YOUR GOAL:
Search the data below for the string "bold". Extract every line that contains it.

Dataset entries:
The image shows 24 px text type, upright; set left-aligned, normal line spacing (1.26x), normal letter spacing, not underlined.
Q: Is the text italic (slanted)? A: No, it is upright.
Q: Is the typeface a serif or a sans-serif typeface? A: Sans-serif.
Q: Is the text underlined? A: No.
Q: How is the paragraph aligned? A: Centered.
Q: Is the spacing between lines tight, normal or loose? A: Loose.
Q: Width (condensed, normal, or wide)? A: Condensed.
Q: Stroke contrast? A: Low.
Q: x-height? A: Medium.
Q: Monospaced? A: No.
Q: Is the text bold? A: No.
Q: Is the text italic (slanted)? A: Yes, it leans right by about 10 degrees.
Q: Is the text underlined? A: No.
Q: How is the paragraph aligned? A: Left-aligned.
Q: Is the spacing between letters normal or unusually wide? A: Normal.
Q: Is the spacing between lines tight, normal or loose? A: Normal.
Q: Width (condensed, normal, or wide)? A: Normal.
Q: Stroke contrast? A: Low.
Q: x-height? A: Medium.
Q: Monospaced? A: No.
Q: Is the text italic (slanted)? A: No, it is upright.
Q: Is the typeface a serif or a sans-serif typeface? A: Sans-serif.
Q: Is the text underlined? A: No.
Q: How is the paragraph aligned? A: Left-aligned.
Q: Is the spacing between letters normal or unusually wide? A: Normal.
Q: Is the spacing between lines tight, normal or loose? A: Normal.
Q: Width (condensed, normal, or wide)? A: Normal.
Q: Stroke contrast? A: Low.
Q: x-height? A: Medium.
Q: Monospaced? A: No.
---
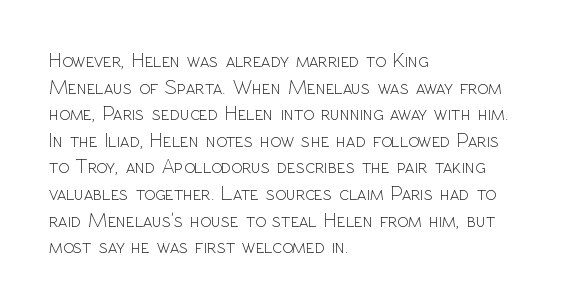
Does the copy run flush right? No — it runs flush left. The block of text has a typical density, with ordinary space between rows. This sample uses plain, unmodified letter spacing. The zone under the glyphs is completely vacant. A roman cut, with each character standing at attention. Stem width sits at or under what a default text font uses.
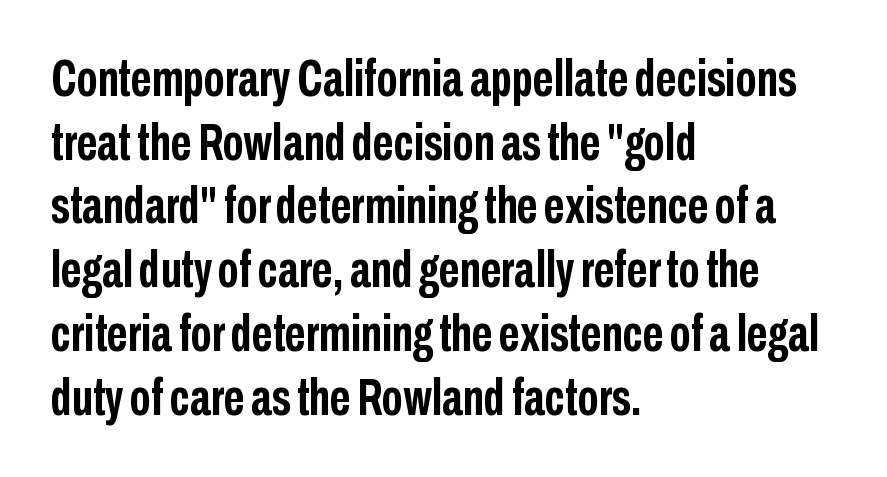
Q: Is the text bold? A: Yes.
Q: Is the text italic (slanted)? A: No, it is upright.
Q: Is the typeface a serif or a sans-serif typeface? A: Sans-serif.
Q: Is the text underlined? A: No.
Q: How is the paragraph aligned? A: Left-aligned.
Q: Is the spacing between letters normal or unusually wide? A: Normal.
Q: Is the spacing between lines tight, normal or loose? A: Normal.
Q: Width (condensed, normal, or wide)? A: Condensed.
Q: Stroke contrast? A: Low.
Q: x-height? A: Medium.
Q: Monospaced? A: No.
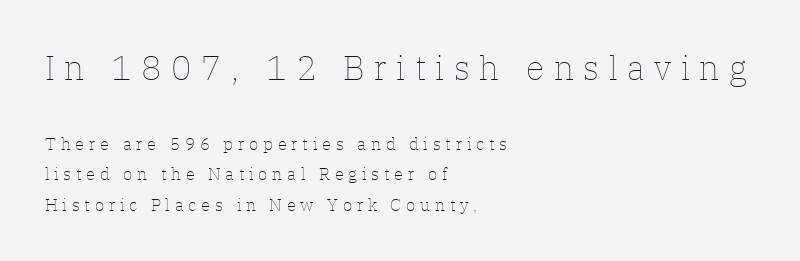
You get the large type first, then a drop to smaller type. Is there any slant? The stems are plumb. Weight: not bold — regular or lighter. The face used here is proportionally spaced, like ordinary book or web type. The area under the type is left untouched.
* * *
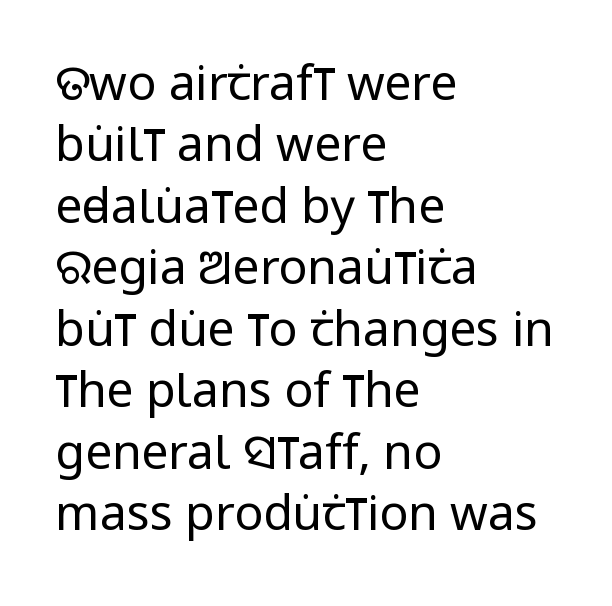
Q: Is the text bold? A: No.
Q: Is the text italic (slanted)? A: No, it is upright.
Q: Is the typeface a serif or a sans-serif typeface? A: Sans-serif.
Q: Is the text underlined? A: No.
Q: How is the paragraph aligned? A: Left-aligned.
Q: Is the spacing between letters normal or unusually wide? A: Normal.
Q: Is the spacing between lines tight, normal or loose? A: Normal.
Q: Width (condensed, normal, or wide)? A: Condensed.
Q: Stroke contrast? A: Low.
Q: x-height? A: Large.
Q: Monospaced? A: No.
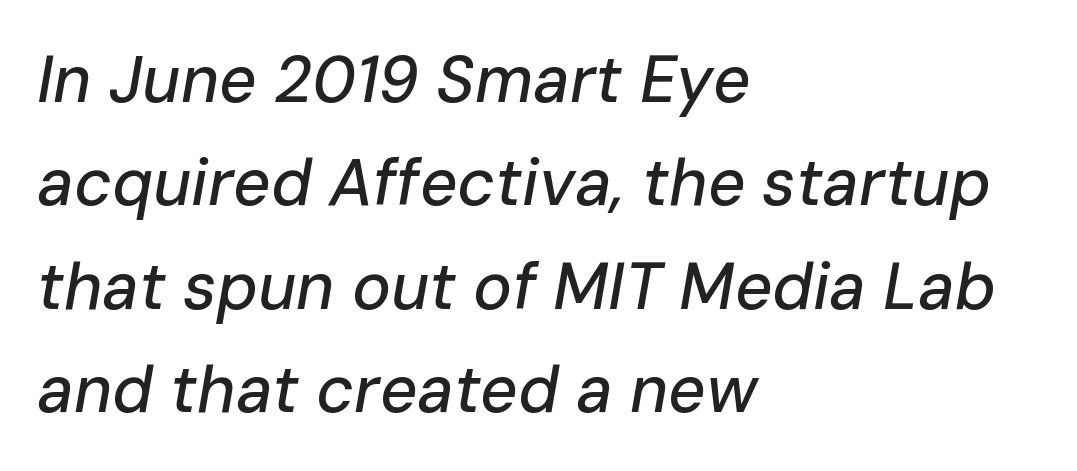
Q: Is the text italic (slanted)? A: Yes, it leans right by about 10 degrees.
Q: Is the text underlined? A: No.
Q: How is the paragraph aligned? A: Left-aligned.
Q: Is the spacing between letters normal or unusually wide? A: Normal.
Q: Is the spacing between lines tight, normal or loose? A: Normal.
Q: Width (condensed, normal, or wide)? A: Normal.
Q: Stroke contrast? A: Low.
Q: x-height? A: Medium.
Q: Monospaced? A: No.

RESULT:
Q: Is the text bold? A: No.
Q: Is the text bold? A: Yes.
You get the large type first, then a drop to smaller type. Is there any slant? The stems are plumb. Weight: not bold — regular or lighter. The face used here is proportionally spaced, like ordinary book or web type. The area under the type is left untouched.
Q: Is the text bold? A: No.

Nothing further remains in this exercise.